[Input material]

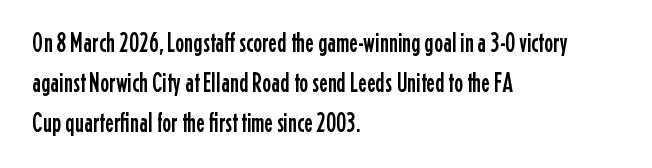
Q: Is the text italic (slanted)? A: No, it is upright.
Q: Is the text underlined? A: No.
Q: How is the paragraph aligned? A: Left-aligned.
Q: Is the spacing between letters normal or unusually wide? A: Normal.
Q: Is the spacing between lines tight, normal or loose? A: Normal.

[/Input material]
[Input material]

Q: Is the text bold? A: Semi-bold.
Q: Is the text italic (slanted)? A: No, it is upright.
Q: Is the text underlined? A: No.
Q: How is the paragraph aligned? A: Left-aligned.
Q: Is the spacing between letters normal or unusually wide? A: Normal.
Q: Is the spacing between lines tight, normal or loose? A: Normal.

[/Input material]
[Input material]

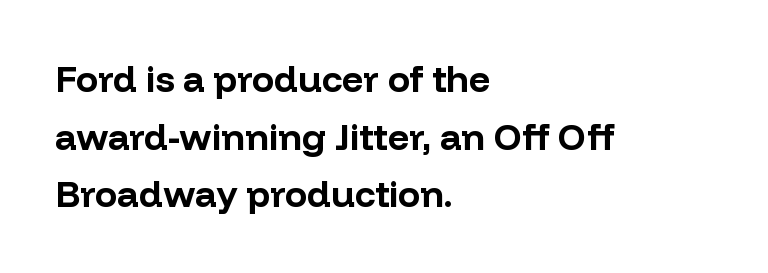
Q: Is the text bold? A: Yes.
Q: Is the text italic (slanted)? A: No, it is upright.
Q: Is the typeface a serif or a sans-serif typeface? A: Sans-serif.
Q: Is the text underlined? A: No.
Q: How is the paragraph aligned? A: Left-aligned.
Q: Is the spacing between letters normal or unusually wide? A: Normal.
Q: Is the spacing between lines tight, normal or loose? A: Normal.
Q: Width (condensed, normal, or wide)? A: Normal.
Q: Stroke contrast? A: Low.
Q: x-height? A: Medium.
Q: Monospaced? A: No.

[/Input material]

### Instructions to follow
Please copy out each line of the data in which the word "bold" occurs.

### Exercise result
Q: Is the text bold? A: Semi-bold.
Q: Is the text bold? A: Yes.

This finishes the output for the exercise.